Data extracted from a collection
● ● ●
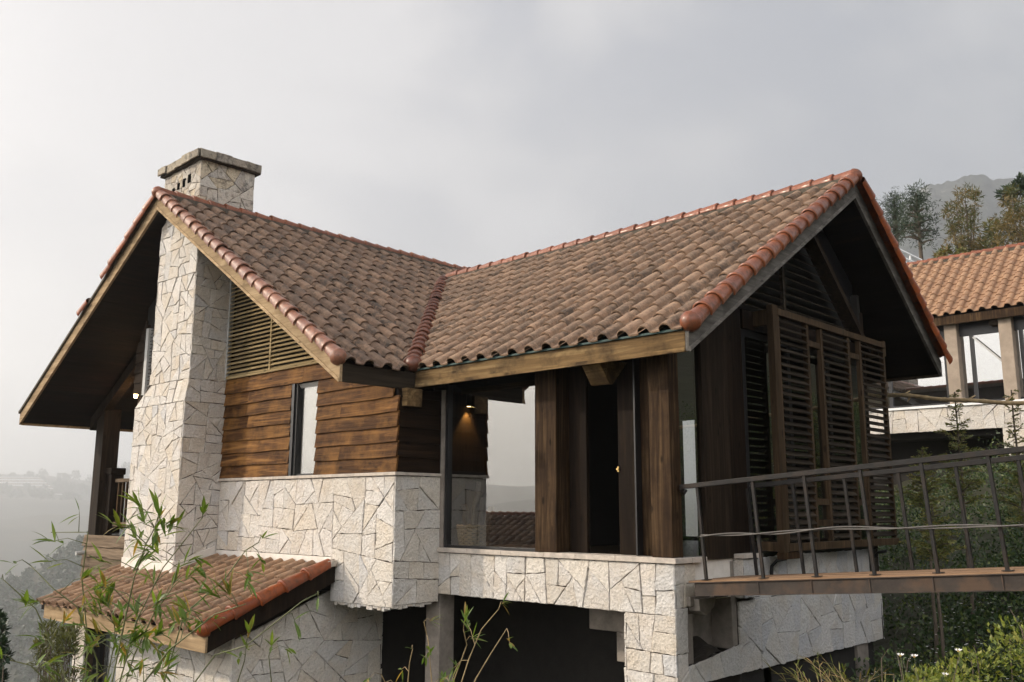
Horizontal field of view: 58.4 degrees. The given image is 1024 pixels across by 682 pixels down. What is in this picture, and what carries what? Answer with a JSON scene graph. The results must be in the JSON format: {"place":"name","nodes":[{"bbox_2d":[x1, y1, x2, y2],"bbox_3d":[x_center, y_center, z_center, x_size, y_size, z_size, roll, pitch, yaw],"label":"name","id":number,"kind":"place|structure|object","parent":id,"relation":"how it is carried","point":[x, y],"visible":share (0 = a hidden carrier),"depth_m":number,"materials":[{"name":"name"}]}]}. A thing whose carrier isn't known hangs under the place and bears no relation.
{"place":"outdoors","nodes":[
{"label":"outdoors","id":0,"kind":"place"},
{"bbox_2d":[0,454,1023,681],"bbox_3d":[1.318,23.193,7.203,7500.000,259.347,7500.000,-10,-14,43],"label":"terrain","id":1,"kind":"structure","parent":0,"point":[25,518],"depth_m":1379.60,"materials":[{"name":"green plant"}]},
{"bbox_2d":[0,608,15,681],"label":"dark shrub","id":2,"kind":"object","parent":1,"relation":"on","point":[4,674],"visible":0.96,"depth_m":7.81,"materials":[{"name":"green plant"}]},
{"bbox_2d":[0,477,53,489],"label":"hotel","id":3,"kind":"structure","parent":1,"relation":"on","point":[36,482],"depth_m":2651.57,"materials":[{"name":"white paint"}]},
{"bbox_2d":[0,499,87,681],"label":"bamboo plant","id":4,"kind":"object","parent":1,"relation":"on","point":[24,599],"visible":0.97,"depth_m":3.83,"materials":[{"name":"green plant"}]},
{"bbox_2d":[29,618,83,681],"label":"feathery bush","id":5,"kind":"object","parent":1,"relation":"on","point":[69,633],"visible":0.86,"depth_m":9.39,"materials":[{"name":"green plant"}]},
{"bbox_2d":[0,531,119,681],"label":"wooded spur","id":6,"kind":"structure","parent":1,"relation":"attached to","point":[35,577],"depth_m":630.69,"materials":[{"name":"green plant"}]},
{"bbox_2d":[0,515,124,681],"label":"woods","id":7,"kind":"object","parent":6,"relation":"on","point":[25,622],"visible":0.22,"depth_m":643.80,"materials":[{"name":"grey plant"}]},
{"bbox_2d":[0,462,129,502],"bbox_3d":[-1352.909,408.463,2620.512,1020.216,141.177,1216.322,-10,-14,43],"label":"trees","id":8,"kind":"object","parent":1,"relation":"on","point":[11,492],"visible":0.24,"depth_m":2623.70,"materials":[{"name":"grey plant"}]},
{"bbox_2d":[0,489,245,681],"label":"bamboo plant","id":9,"kind":"object","parent":1,"relation":"on","point":[134,636],"visible":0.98,"depth_m":3.98,"materials":[{"name":"green plant"}]},
{"bbox_2d":[163,530,318,681],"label":"bamboo plant","id":10,"kind":"object","parent":1,"relation":"on","point":[251,623],"visible":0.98,"depth_m":4.36,"materials":[{"name":"green plant"}]},
{"bbox_2d":[363,645,412,681],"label":"bamboo shoot","id":11,"kind":"object","parent":1,"relation":"on","point":[367,679],"visible":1,"depth_m":4.99,"materials":[{"name":"green plant"}]},
{"bbox_2d":[422,615,448,681],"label":"bamboo shoot","id":12,"kind":"object","parent":1,"relation":"on","point":[428,654],"visible":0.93,"depth_m":5.57,"materials":[{"name":"green plant"}]},
{"bbox_2d":[437,592,508,681],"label":"bamboo shoot","id":13,"kind":"object","parent":1,"relation":"on","point":[466,613],"visible":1,"depth_m":5.28,"materials":[{"name":"green plant"}]},
{"bbox_2d":[18,148,952,681],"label":"stone lodge","id":14,"kind":"structure","parent":1,"relation":"on","point":[296,386],"depth_m":14.64,"materials":[{"name":"tile"}]},
{"bbox_2d":[92,631,119,681],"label":"window","id":15,"kind":"structure","parent":14,"relation":"in","point":[103,653],"depth_m":16.36,"materials":[{"name":"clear glass"}]},
{"bbox_2d":[288,381,317,475],"bbox_3d":[-3.401,1.458,15.268,0.760,1.557,0.190,-10,-14,43],"label":"window","id":16,"kind":"structure","parent":14,"relation":"in","point":[304,396],"depth_m":15.38,"materials":[{"name":"glass"}]},
{"bbox_2d":[452,378,487,471],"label":"wall","id":17,"kind":"structure","parent":14,"relation":"attached to","point":[469,436],"depth_m":14.86,"materials":[{"name":"brown wood"}]},
{"bbox_2d":[456,524,490,545],"bbox_3d":[-0.584,2.968,13.963,0.539,0.342,0.540,-10,-14,43],"label":"wicker basket","id":18,"kind":"object","parent":14,"relation":"on","point":[483,533],"visible":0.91,"depth_m":13.77,"materials":[{"name":"wicker"}]},
{"bbox_2d":[461,504,468,543],"bbox_3d":[-0.703,2.822,14.073,0.175,0.630,0.133,-10,-14,43],"label":"firewood log","id":19,"kind":"object","parent":18,"relation":"in","point":[465,509],"visible":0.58,"depth_m":14.08,"materials":[{"name":"brown wood"}]},
{"bbox_2d":[471,501,478,545],"bbox_3d":[-0.571,2.759,13.873,0.109,0.669,0.184,2,-11,-10],"label":"firewood log","id":20,"kind":"object","parent":18,"relation":"in","point":[474,513],"visible":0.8,"depth_m":13.84,"materials":[{"name":"brown wood"}]},
{"bbox_2d":[469,482,480,543],"bbox_3d":[-0.578,2.646,14.060,0.204,0.960,0.100,-3,-11,16],"label":"firewood log","id":21,"kind":"object","parent":18,"relation":"in","point":[477,491],"visible":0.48,"depth_m":14.08,"materials":[{"name":"brown wood"}]},
{"bbox_2d":[477,497,484,543],"bbox_3d":[-0.490,2.775,14.120,0.088,0.732,0.196,-5,-12,28],"label":"firewood log","id":22,"kind":"object","parent":18,"relation":"in","point":[481,510],"visible":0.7,"depth_m":14.15,"materials":[{"name":"brown wood"}]},
{"bbox_2d":[480,506,493,541],"bbox_3d":[-0.393,2.817,13.960,0.224,0.597,0.095,-2,-11,12],"label":"firewood log","id":23,"kind":"object","parent":18,"relation":"in","point":[489,515],"visible":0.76,"depth_m":13.94,"materials":[{"name":"wood"}]},
{"bbox_2d":[444,385,534,550],"bbox_3d":[-0.319,1.685,13.417,1.860,2.662,0.090,-10,-14,43],"label":"picture window","id":24,"kind":"structure","parent":14,"relation":"in","point":[449,388],"depth_m":13.93,"materials":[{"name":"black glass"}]},
{"bbox_2d":[569,366,589,552],"bbox_3d":[0.916,1.474,12.518,0.300,2.762,0.060,-10,-14,43],"label":"door","id":25,"kind":"structure","parent":14,"relation":"in","point":[578,380],"depth_m":12.45,"materials":[{"name":"brown wood"}]},
{"bbox_2d":[616,359,635,554],"bbox_3d":[1.537,1.371,11.943,0.395,2.762,0.090,-10,-14,43],"label":"door","id":26,"kind":"structure","parent":14,"relation":"in","point":[627,519],"depth_m":11.93,"materials":[{"name":"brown wood"}]},
{"bbox_2d":[740,328,873,554],"bbox_3d":[4.600,1.631,14.095,0.070,3.120,4.090,-10,-14,43],"label":"window","id":27,"kind":"structure","parent":14,"relation":"in","point":[747,334],"depth_m":13.62,"materials":[{"name":"brown wood"}]},
{"bbox_2d":[679,446,1023,596],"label":"footbridge","id":28,"kind":"object","parent":14,"relation":"attached to","point":[972,578],"visible":0.98,"depth_m":9.84,"materials":[{"name":"paint"}]},
{"bbox_2d":[700,524,1023,536],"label":"railing cable","id":29,"kind":"object","parent":28,"relation":"attached to","point":[872,528],"visible":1,"depth_m":9.54,"materials":[{"name":"silver metal"}]},
{"bbox_2d":[474,628,516,681],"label":"bamboo shoot","id":30,"kind":"object","parent":1,"relation":"on","point":[511,645],"visible":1,"depth_m":4.96,"materials":[{"name":"green plant"}]},
{"bbox_2d":[763,651,892,681],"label":"grass tuft","id":31,"kind":"object","parent":1,"relation":"on","point":[806,680],"visible":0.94,"depth_m":9.39,"materials":[{"name":"green plant"}]},
{"bbox_2d":[810,664,907,681],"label":"grass tuft","id":32,"kind":"object","parent":1,"relation":"on","point":[846,677],"visible":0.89,"depth_m":8.99,"materials":[{"name":"green plant"}]},
{"bbox_2d":[876,186,911,246],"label":"pine tree","id":33,"kind":"object","parent":1,"relation":"on","point":[894,205],"visible":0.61,"depth_m":45.75,"materials":[{"name":"green plant"}]},
{"bbox_2d":[897,653,903,679],"bbox_3d":[2.966,3.229,6.849,0.054,1.717,0.048,-3,-11,19],"label":"daisy","id":34,"kind":"object","parent":1,"relation":"on","point":[900,655],"visible":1,"depth_m":6.99,"materials":[{"name":"white plant"}]},
{"bbox_2d":[873,646,932,681],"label":"flowering weed","id":35,"kind":"object","parent":1,"relation":"on","point":[896,663],"visible":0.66,"depth_m":8.18,"materials":[{"name":"green plant"}]},
{"bbox_2d":[911,654,917,681],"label":"daisy","id":36,"kind":"object","parent":1,"relation":"on","point":[915,655],"visible":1,"depth_m":6.99,"materials":[{"name":"white plant"}]},
{"bbox_2d":[894,446,949,661],"bbox_3d":[6.443,3.415,14.135,0.774,3.595,1.009,-10,-14,43],"label":"fir sapling","id":37,"kind":"object","parent":1,"relation":"on","point":[918,501],"visible":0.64,"depth_m":14.28,"materials":[{"name":"green plant"}]},
{"bbox_2d":[823,430,1023,681],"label":"ground cover","id":38,"kind":"object","parent":1,"relation":"on","point":[978,619],"visible":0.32,"depth_m":15.60,"materials":[{"name":"green plant"}]},
{"bbox_2d":[888,179,959,259],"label":"pine tree","id":39,"kind":"object","parent":1,"relation":"on","point":[915,210],"visible":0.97,"depth_m":41.71,"materials":[{"name":"green plant"}]},
{"bbox_2d":[896,499,966,678],"bbox_3d":[5.938,3.780,13.004,0.981,3.025,0.941,4,-11,-19],"label":"fir sapling","id":40,"kind":"object","parent":1,"relation":"on","point":[926,550],"visible":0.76,"depth_m":13.03,"materials":[{"name":"green plant"}]},
{"bbox_2d":[864,464,1023,680],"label":"flowers","id":41,"kind":"object","parent":1,"relation":"on","point":[958,626],"visible":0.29,"depth_m":12.82,"materials":[{"name":"plant"}]},
{"bbox_2d":[867,242,1023,491],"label":"villa","id":42,"kind":"object","parent":1,"relation":"on","point":[974,299],"visible":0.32,"depth_m":26.72,"materials":[{"name":"tile"}]},
{"bbox_2d":[900,249,921,262],"bbox_3d":[14.571,-2.824,34.015,1.281,1.556,0.287,1,-10,-5],"label":"white handrail","id":43,"kind":"object","parent":42,"relation":"on","point":[910,256],"visible":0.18,"depth_m":33.97,"materials":[{"name":"metal"}]},
{"bbox_2d":[867,315,1023,408],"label":"window","id":44,"kind":"structure","parent":42,"relation":"in","point":[980,343],"depth_m":26.44,"materials":[{"name":"clear glass"}]},
{"bbox_2d":[868,391,1023,404],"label":"bamboo rail","id":45,"kind":"object","parent":42,"relation":"attached to","point":[963,400],"visible":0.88,"depth_m":14.81,"materials":[{"name":"brown wood"}]},
{"bbox_2d":[893,609,1023,681],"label":"sunlit bush","id":46,"kind":"object","parent":1,"relation":"on","point":[953,662],"visible":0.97,"depth_m":7.23,"materials":[{"name":"green plant"}]},
{"bbox_2d":[932,236,988,257],"bbox_3d":[18.926,-0.975,38.491,3.926,7.470,1.408,7,-13,-34],"label":"bush","id":47,"kind":"object","parent":1,"relation":"on","point":[942,252],"visible":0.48,"depth_m":38.84,"materials":[{"name":"green plant"}]},
{"bbox_2d":[933,389,989,638],"bbox_3d":[7.497,2.843,15.145,0.862,4.099,0.951,-10,-14,43],"label":"fir sapling","id":48,"kind":"object","parent":1,"relation":"on","point":[959,445],"visible":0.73,"depth_m":15.24,"materials":[{"name":"green plant"}]},
{"bbox_2d":[939,182,988,254],"bbox_3d":[19.690,-2.468,39.498,2.025,9.537,3.901,-6,-12,29],"label":"golden tree","id":49,"kind":"object","parent":1,"relation":"on","point":[970,242],"visible":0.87,"depth_m":39.18,"materials":[{"name":"green plant"}]},
{"bbox_2d":[979,218,1000,247],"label":"olive bush","id":50,"kind":"object","parent":1,"relation":"on","point":[986,230],"visible":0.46,"depth_m":40.35,"materials":[{"name":"green plant"}]},
{"bbox_2d":[984,182,1023,248],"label":"golden tree","id":51,"kind":"object","parent":1,"relation":"on","point":[1014,232],"visible":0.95,"depth_m":37.37,"materials":[{"name":"green plant"}]},
{"bbox_2d":[988,389,1023,532],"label":"fir sapling","id":52,"kind":"object","parent":1,"relation":"on","point":[1014,508],"visible":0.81,"depth_m":14.31,"materials":[{"name":"green plant"}]},
{"bbox_2d":[994,172,1023,237],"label":"dark tree","id":53,"kind":"object","parent":1,"relation":"on","point":[1019,181],"visible":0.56,"depth_m":43.66,"materials":[{"name":"green plant"}]},
{"bbox_2d":[0,0,1023,483],"label":"sky","id":54,"kind":"structure","parent":0,"point":[468,133],"materials":[{"name":"grey"}]},
{"bbox_2d":[890,174,1023,261],"bbox_3d":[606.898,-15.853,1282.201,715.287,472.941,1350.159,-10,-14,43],"label":"mountain","id":55,"kind":"structure","parent":0,"point":[985,183],"depth_m":1277.86,"materials":[{"name":"green plant"}]}
]}
● ● ●
* [What needs to be done] Go through the records above and return each line in which the word "firewood" occurs.

* [Solution for this problem]
{"bbox_2d":[461,504,468,543],"bbox_3d":[-0.703,2.822,14.073,0.175,0.630,0.133,-10,-14,43],"label":"firewood log","id":19,"kind":"object","parent":18,"relation":"in","point":[465,509],"visible":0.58,"depth_m":14.08,"materials":[{"name":"brown wood"}]},
{"bbox_2d":[471,501,478,545],"bbox_3d":[-0.571,2.759,13.873,0.109,0.669,0.184,2,-11,-10],"label":"firewood log","id":20,"kind":"object","parent":18,"relation":"in","point":[474,513],"visible":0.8,"depth_m":13.84,"materials":[{"name":"brown wood"}]},
{"bbox_2d":[469,482,480,543],"bbox_3d":[-0.578,2.646,14.060,0.204,0.960,0.100,-3,-11,16],"label":"firewood log","id":21,"kind":"object","parent":18,"relation":"in","point":[477,491],"visible":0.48,"depth_m":14.08,"materials":[{"name":"brown wood"}]},
{"bbox_2d":[477,497,484,543],"bbox_3d":[-0.490,2.775,14.120,0.088,0.732,0.196,-5,-12,28],"label":"firewood log","id":22,"kind":"object","parent":18,"relation":"in","point":[481,510],"visible":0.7,"depth_m":14.15,"materials":[{"name":"brown wood"}]},
{"bbox_2d":[480,506,493,541],"bbox_3d":[-0.393,2.817,13.960,0.224,0.597,0.095,-2,-11,12],"label":"firewood log","id":23,"kind":"object","parent":18,"relation":"in","point":[489,515],"visible":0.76,"depth_m":13.94,"materials":[{"name":"wood"}]},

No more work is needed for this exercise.